- Members of the tech community were concerned about a provision in the Senate’s tax bill that would’ve taxed stock options as soon as they vested.
- Many thought the tax bill as written would harm the growth of tech startups in the US.
- In a win for tech startups and VCs, the Senate removed the provision from the latest version of the bill on Tuesday night.
Senate Republicans have removed a controversial portion of their tax reform bill Tuesday that would’ve taxed stock options and restricted stock units (RSUs) as soon as they vested, instead of when they are exercised.
The proposal caused an uproar earlier this week among tech VCs and entrepreneurs, who said it would stifle the creation of startups that often rely on stock options to attract talent. The proposal would’ve forced employees to pay taxes on the stock even if they never cashed it in. That would mean employers would likely try to attract talent with just salaries, meaning employees wouldn’t have the opportunity to enjoy the wealth created by startups.

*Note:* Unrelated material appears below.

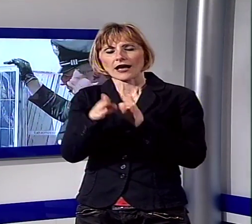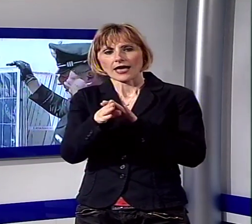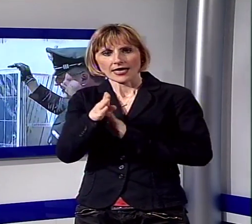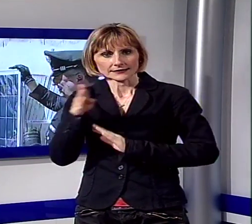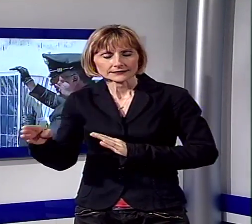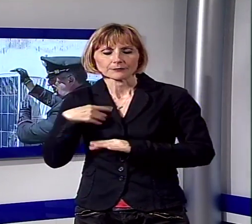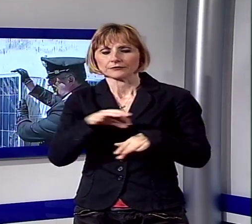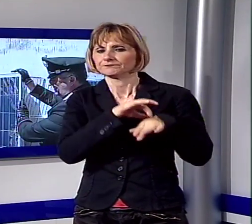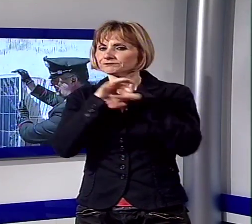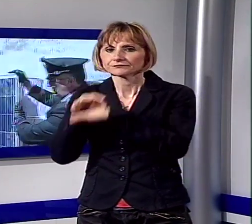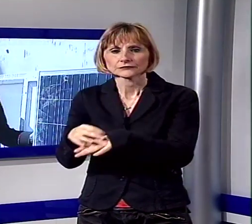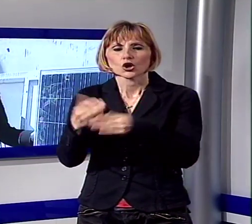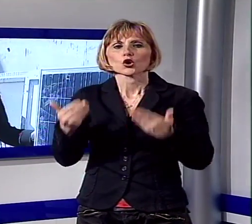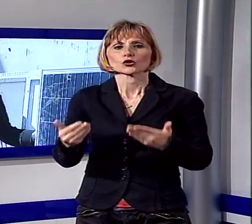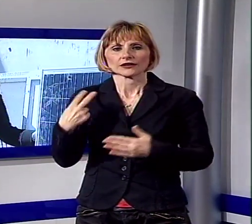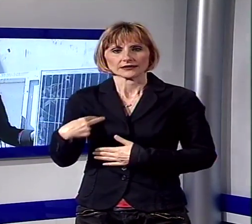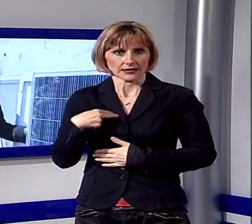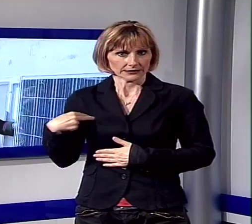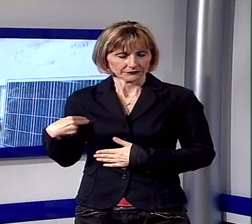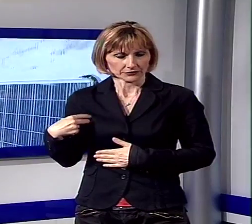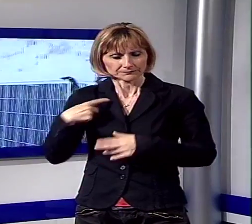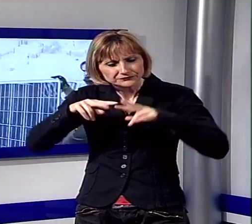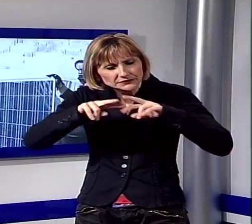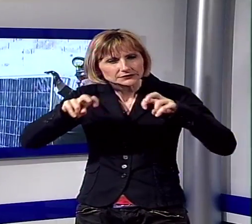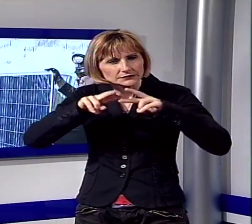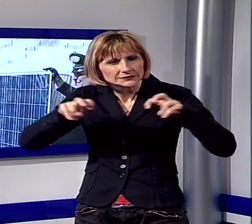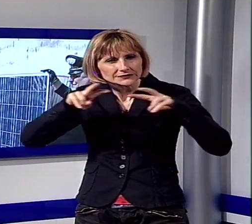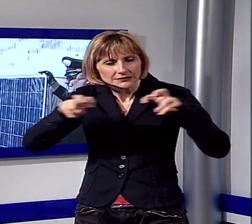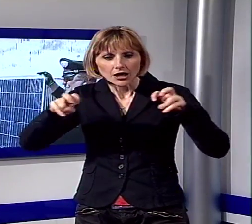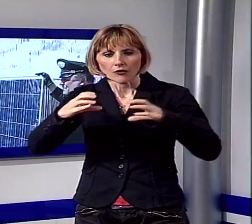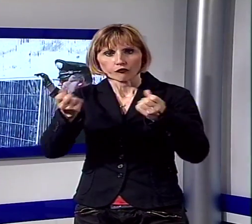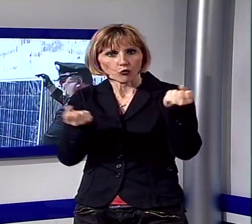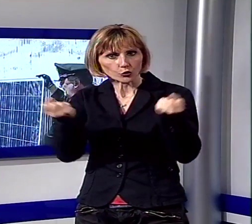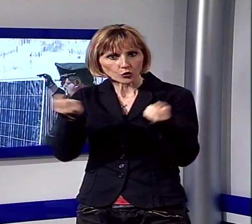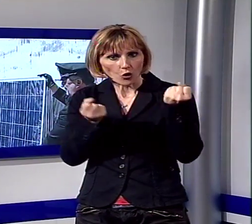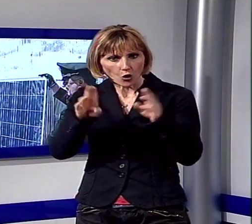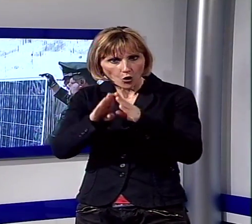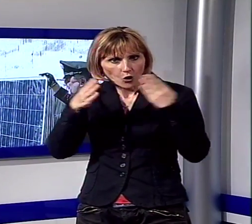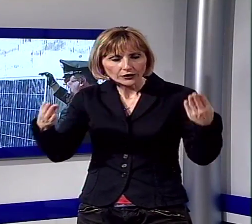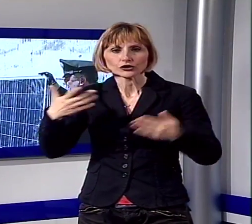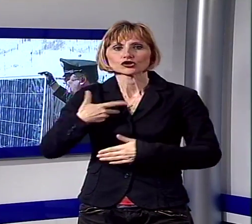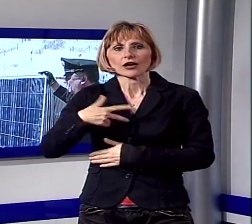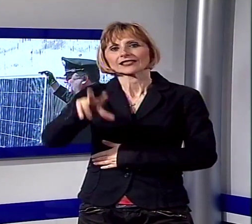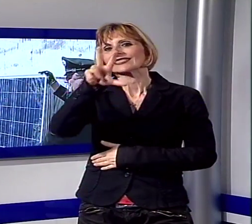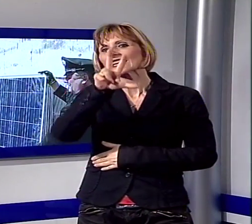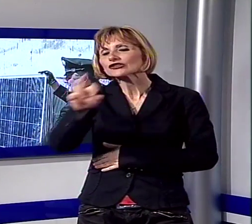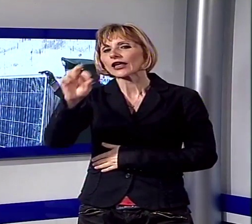a un cortile degli Svizzeri. Qua i militari hanno provveduto a ispezionare il carico, che è risultato essere composto da 350 pannelli

Today, employees only pay taxes on vested stock options after the options have been exercised.
Fred Wilson, a partner at Union Square Ventures, wrote on his blog Monday that the proposal would have “profound implications for those who work in tech companies and equally profound implications for the competitiveness of the US tech sector.”
Wilson encouraged members of the tech community to pressure Senators to take the provision out.
It looks like Wilson’s wish came true. The latest version of the Senate’s tax bill, which was released Tuesday night, now says the “nonqualified deferred compensation” portion of the bill, which caused the uproar, has been stripped out.